Les gouvernements européens qui ont entrepris de grandes réformes l’ont fait parce qu’ils avaient un sens profond de la crise, parce que les électeurs croyaient qu’il n’y avait pas d’autre alternative et parce que les dirigeants politiques ont eu la conviction que le changement était inévitable. Rien de tout cela correspond a un portrait de  M. Hollande ou de  la France. Pendant la campagne électorale, M. Hollande  a très peu mentionné la nécessité d’une réforme favorable aux entreprises, concentrant  son discours plutôt sur la fin de l’austérité. Son Parti , le parti socialiste reste archaïque  et hostile au capitalisme: et a partir du moment ou il a commencé à mettre en garde quant à la compétitivité de la France, sa cote de popularité a plongé. Pire, la France s’évertue a viser une cible en mouvement. Tous les pays de la zone euro font des réformes structurelles, et surtout plus rapidement  et plus intensément  que  la France. Le FMI a récemment averti que la France risque d’être distancée par l’Italie et l’Espagne.

L’enjeu n’est pas seulement l’avenir de la France, mais celui de l’euro. M. Hollande a correctement harcelé Angela Merkel pour éviter de rendre l’austérité trop insupportable. Mais il s’est dissimulé derrière sa serviette quand il s’est agi de l’intégration politique nécessaire pour résoudre la crise de l’ euro.
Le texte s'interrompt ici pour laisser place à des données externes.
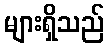
များရှိသည်
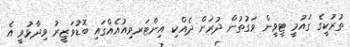
ތުރުކީގެ ގައުމީ ޓީވީން ވަގުތުން ދުރަށް ދެއްކި އިންޓަރވިއުއެއްގައި ބޮޑުވަޒީރު ވިދާޅުވީ އެ
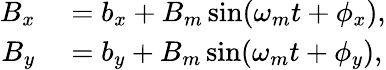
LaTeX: \begin{array}{rl}{B_{x}}&{{}=b_{x}+B_{m}\sin(\omega_{m}t+\phi_{x}),}\\ {B_{y}}&{{}=b_{y}+B_{m}\sin(\omega_{m}t+\phi_{y}),}\end{array}
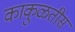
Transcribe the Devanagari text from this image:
काकुळतीस
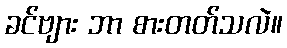
ခင်ဗျား ဘာ စားတတ်သလဲ။
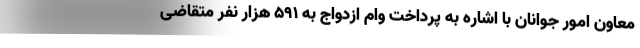
معاون امور جوانان با اشاره به پرداخت وام ازدواج به ۵۹۱ هزار نفر متقاضی
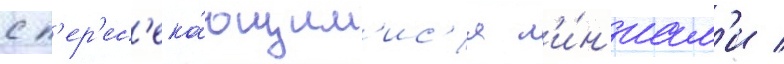
с п'ер'ес'ека́ющим'ис'я л'и́н'иам'и /
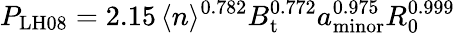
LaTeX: P_{\mathrm{LH08}}=2.15\, \langle n\rangle^{0.782}B_{\mathrm{t}}^{0.772}a_{\mathrm{minor}}^{0.975}R_{\mathrm{0}}^{0.999}
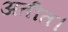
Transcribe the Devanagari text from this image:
अतीत।
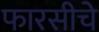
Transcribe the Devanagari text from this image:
फारसीचे
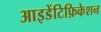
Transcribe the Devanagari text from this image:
आइडेंटिफ़िकेशन
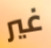
غير
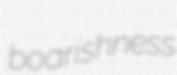
boarishness
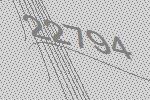
22794
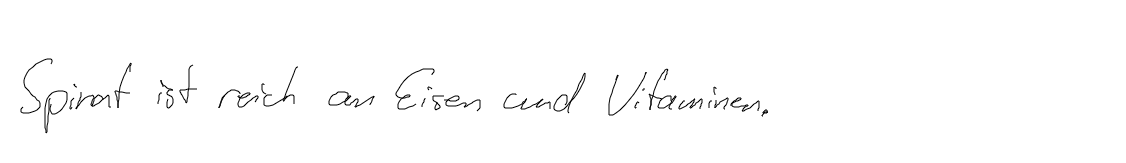
Spinat ist reich an Eisen und Vitaminen.
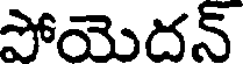
పోయెదన్
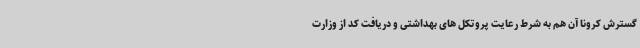
گسترش کرونا آن هم به شرط رعایت پروتکل های بهداشتی و دریافت کد از وزارت
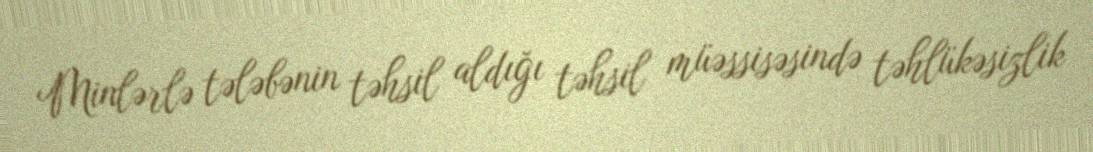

Il doit y avoir davantage de contrôle au niveau européen sur les politiques économiques nationales. La France a ratifié a contrecœur le récent pacte budgétaire qui donne a Bruxelles des  pouvoirs budgétaires accrus. Mais ni les élites  ni les électeurs ne sont prêts à accepter davantage de transferts de souveraineté, tout comme ils ne sont pas préparés pour de profondes réformes structurelles. Alors que la plupart des pays s’interrogent sur la part de souveraineté a laquelle ils devront renoncer, la France est résolument dans le déni de tout débat sur l’avenir de l’Europe.  M. Hollande s’est grièvement carbonisé  lorsque en 2005 les électeurs ont rejeté le traité constitutionnel de l’U.E, sachant que son parti (socialiste) s’était divisé sur la question. Une répétition de cette situation précipiterait la monnaie unique dans le chaos.

 

Trop important pour ne pas réussir?

Notre dernier rapport spécial sur un grand pays européen (en Juin 2011) concernait  l’échec de l’Italie à  se réformer avec Silvio Berlusconi, aux affaires. A la fin de l’année, il  en était  écarté et le changement commençait.  Jusqu’à présent, les investisseurs ont été indulgents pour la France, en effet, les taux d’intérêt à long terme ont un peu baissé. Mais tôt ou tard la monnaie va baisser. On ne peut  défier l’économie trop longtemps.

 

Sauf si  M. Hollande montre qu’il est véritablement engagé à changer le chemin de son pays tel que cela s’est pratiqué ces 30 dernières années, la France perdra la confiance des investisseurs et de l’Allemagne. Comme plusieurs pays de la zone euro l’ont éprouvé, le sentiment n’a pas lieu d’être dans des marchés  qui peuvent évoluer rapidement. La crise pourrait frapper dès l’année prochaine. Les précédents bouleversements monétaires européens ont souvent commencé ailleurs et finiront cette fois par engloutir la France, qui plus encore que l’Italie ou l’Espagne pourrait être le pays  où le sort de l’euro se décide. M. Hollande n’a pas beaucoup de temps pour désamorcer la bombe à retardement au cœur de l’Europe.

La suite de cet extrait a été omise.